Pre-Challenge Assignment: Work Those Muscles!

OK team…we’re 9 days out from our 30 Day Shred Challenge and I just wanted to start putting some tips out there for you all.  Do I think we’re gonna make it through the 30 days?  You bet, I do!!!  Do I think there may be some challenges along the way?  Yes!!!!  lol

So, being the planner that I am, I want to try to nip those challenges in the bud now.

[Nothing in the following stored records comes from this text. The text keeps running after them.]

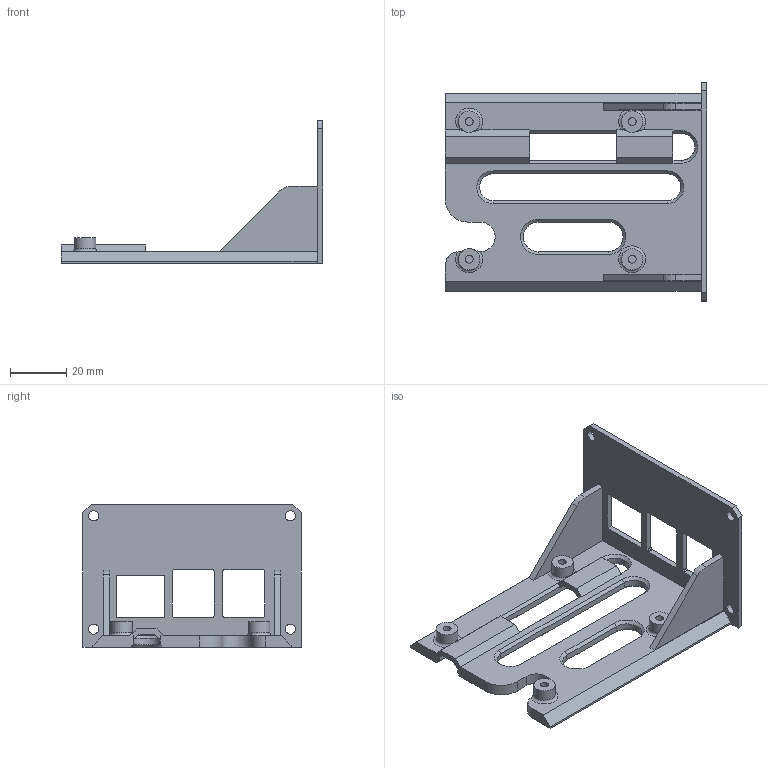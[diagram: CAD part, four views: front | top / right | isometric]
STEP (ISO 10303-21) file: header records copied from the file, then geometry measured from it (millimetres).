
FILE_DESCRIPTION(/* description */ (''),/* implementation_level */ '2;1');
FILE_NAME(/* name */ 'CPU Tray - RPi 4B.step',/* time_stamp */ '2022-05-11T09:04:11-05:00',/* author */ (''),/* organization */ (''),/* preprocessor_version */ 'ST-DEVELOPER v18.1',/* originating_system */ 'Autodesk Translation Framework v10.14.0.1471',/* authorisation */ '');
FILE_SCHEMA (('AUTOMOTIVE_DESIGN { 1 0 10303 214 3 1 1 }'));
Length unit declared in the file: millimetre
Products named in the file (1): CPU Tray - RPi 4B
Bounding box: 93 x 77.6 x 50.8 mm (x, y, z)
Volume: 27471.8 mm3; surface area: 21823 mm2
Topology: 1 solids, 1 shells, 204 faces, 575 edges, 374 vertices
Faces by surface type: plane 164, cylinder 24, bspline 7, cone 5, torus 4
Full cylindrical faces by diameter (mm): 2.8 x4, 3.6 x4, 7.6 x4
Entity records: 6883 total; most frequent: CARTESIAN_POINT 1533, ORIENTED_EDGE 1154, DIRECTION 1009, EDGE_CURVE 577, LINE 497, VECTOR 497, VERTEX_POINT 374, AXIS2_PLACEMENT_3D 256
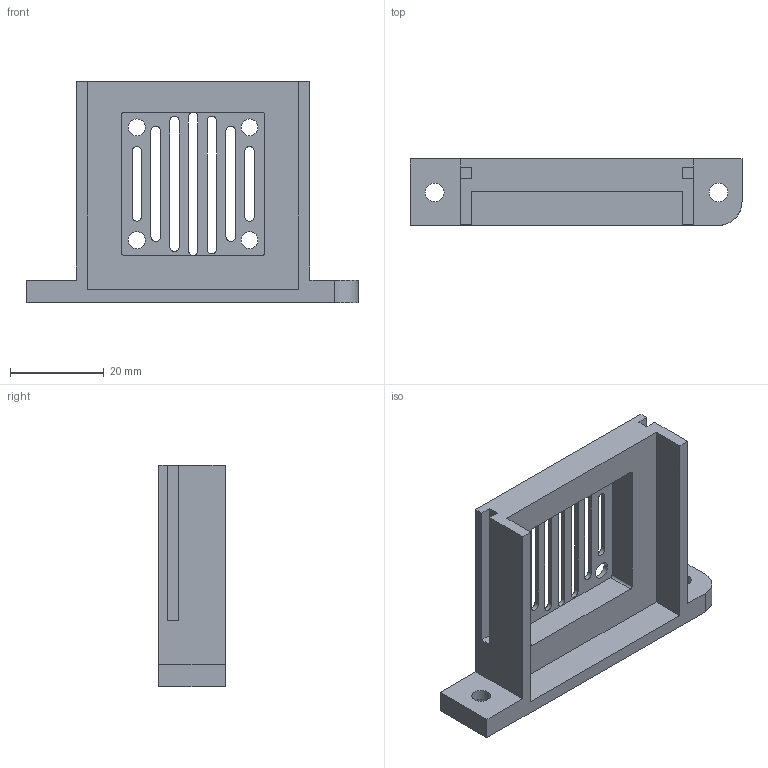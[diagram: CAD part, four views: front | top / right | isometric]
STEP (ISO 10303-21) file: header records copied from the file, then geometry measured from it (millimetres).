
FILE_DESCRIPTION(/* description */ ('STEP AP242','CAx-IF Rec.Pracs.---Representation and Presentation of Product Manufacturing Information (PMI)---4.0---2014-10-13','CAx-IF Rec.Pracs.---3D Tessellated Geometry---0.4---2014-09-14','2;1'),/* implementation_level */ '2;1');
FILE_NAME(/* name */ '648736249dacf837aa530634',/* time_stamp */ '2023-06-12T15:13:41Z',/* author */ (''),/* organization */ (''),/* preprocessor_version */ 'ST-DEVELOPER v19.4',/* originating_system */ ' ',/* authorisation */ ' ');
FILE_SCHEMA (('AP242_MANAGED_MODEL_BASED_3D_ENGINEERING_MIM_LF { 1 0 10303 442 1 1 4 }'));
Length unit declared in the file: metre
Products named in the file (1): FanCover
Bounding box: 70.8 x 14.15 x 47.15 mm (x, y, z)
Volume: 13828.6 mm3; surface area: 9647.6 mm2
Topology: 1 solids, 1 shells, 71 faces, 200 edges, 133 vertices
Faces by surface type: plane 44, cylinder 27
Full cylindrical faces by diameter (mm): 3.6 x4, 4 x2, 6 x2
Entity records: 2337 total; most frequent: CARTESIAN_POINT 400, DIRECTION 391, ORIENTED_EDGE 384, EDGE_CURVE 192, LINE 135, VECTOR 135, VERTEX_POINT 133, AXIS2_PLACEMENT_3D 128

IF you are not currently exercising, there will definitely be some soreness when you start with the infamous Jillian on the 21st! Heck, I’ve been doing strength training for 2+ yrs now and I’m expecting that I will have to push through some sore muscles.

So…if you’re not currently doing anything with your dumbbells, I’d suggest doing some bi-cep and tri-cep work every other day or so. Just do something light – maybe during commercials of your favorite TV program.

I’d also do a few sets of squats and lunges to get that lower body ready.

At the beginning of my fitness routine, I was fortunate to have access to a gym which is where I did my upper body work. As the months progressed, when I wanted to change up my routine a bit I purchased the book below and created a little upper and lower body routine of my own based on some of the exercises in this book.

I will include the link below in case this is something that would help you out.

biggest-loser-fitness-book

Here you go: The Biggest Loser Fitness Program

Let’s go team! 🙂

P.S. Do you have everything you need from the shopping/tools list?

Comments

  1. Girl, I am ready and I know I am going to be sore, but it is all good. I also recommend everybody take their measurements on the 21st so that you can see how many inches you shred during the 30 days!

  2. You go Kim! I’m SO excited to do this with you! Yes, measurements – I will post that as another of the pre-challenge assignments…rock-n-roll! Let’s lose some inches…are you ready gang!